Segment Start: Listed entries

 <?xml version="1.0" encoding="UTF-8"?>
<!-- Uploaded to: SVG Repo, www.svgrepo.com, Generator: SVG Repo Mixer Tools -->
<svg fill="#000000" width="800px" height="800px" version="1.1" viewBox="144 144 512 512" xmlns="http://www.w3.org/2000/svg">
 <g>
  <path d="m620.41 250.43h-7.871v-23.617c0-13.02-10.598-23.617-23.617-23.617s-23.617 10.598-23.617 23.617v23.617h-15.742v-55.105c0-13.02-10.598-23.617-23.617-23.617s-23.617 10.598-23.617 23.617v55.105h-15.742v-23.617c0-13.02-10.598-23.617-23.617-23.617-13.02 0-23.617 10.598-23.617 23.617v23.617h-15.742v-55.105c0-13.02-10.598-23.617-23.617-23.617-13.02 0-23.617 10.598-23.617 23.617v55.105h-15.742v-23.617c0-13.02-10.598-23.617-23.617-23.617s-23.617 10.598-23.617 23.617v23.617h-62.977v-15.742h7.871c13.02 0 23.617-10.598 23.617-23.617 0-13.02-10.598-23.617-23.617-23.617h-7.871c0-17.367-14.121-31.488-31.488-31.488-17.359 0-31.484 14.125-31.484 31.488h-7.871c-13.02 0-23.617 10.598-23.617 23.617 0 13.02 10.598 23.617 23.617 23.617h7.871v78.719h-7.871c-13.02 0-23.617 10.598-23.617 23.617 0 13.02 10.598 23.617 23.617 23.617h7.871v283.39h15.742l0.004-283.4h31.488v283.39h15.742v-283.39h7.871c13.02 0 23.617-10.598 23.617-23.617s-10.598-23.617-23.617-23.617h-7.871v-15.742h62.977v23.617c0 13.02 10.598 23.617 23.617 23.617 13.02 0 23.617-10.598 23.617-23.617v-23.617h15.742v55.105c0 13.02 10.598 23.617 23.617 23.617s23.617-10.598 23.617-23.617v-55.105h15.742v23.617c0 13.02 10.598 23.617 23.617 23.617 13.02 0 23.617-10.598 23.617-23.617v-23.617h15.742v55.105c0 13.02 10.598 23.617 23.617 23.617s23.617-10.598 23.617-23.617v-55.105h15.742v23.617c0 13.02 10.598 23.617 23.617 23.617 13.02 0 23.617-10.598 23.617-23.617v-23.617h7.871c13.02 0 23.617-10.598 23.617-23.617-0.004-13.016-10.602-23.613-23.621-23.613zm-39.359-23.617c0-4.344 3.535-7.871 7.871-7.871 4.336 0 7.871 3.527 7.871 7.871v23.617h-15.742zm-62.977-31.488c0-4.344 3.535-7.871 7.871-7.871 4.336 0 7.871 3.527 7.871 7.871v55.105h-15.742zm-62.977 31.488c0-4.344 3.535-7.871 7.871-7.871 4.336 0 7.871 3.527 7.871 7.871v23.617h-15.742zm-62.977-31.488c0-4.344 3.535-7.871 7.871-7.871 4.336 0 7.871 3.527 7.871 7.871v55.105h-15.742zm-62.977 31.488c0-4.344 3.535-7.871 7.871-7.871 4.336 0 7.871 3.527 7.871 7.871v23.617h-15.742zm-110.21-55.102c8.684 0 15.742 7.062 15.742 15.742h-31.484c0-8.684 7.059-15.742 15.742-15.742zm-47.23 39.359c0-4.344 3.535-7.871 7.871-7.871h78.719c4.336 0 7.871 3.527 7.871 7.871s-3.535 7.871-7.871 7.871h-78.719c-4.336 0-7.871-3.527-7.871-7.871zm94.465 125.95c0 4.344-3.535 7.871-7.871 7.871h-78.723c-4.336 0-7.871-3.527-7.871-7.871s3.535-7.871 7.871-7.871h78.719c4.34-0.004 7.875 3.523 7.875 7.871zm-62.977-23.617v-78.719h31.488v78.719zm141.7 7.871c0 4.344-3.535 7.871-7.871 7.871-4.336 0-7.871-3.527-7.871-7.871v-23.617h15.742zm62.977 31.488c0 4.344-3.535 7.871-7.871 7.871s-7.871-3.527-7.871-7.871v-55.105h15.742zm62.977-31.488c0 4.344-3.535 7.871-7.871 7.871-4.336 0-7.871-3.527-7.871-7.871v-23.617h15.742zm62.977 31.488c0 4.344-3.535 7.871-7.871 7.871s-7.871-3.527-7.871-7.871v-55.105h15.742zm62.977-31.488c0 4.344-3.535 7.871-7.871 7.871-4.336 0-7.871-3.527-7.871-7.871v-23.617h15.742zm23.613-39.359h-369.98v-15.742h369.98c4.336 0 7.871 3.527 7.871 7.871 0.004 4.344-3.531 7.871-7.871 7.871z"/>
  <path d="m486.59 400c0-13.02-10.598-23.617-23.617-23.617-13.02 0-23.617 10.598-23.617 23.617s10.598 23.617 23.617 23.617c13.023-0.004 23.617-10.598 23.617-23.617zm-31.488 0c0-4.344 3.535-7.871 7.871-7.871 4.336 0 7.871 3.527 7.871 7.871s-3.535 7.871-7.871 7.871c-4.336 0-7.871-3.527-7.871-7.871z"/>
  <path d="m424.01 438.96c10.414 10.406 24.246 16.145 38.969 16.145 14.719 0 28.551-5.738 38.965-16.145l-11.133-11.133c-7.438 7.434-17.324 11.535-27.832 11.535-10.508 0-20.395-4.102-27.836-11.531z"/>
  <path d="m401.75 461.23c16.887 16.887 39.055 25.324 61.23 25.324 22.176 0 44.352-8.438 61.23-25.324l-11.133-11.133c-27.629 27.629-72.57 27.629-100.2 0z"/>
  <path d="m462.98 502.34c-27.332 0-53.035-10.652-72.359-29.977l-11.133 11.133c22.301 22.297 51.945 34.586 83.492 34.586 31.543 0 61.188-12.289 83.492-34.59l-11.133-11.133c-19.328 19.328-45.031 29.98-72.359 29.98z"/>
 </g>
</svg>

Segment End: Listed entries

● **Description of the task**
Find the lines above that contain "version" and give their count, with nothing added.

● **Written response**
2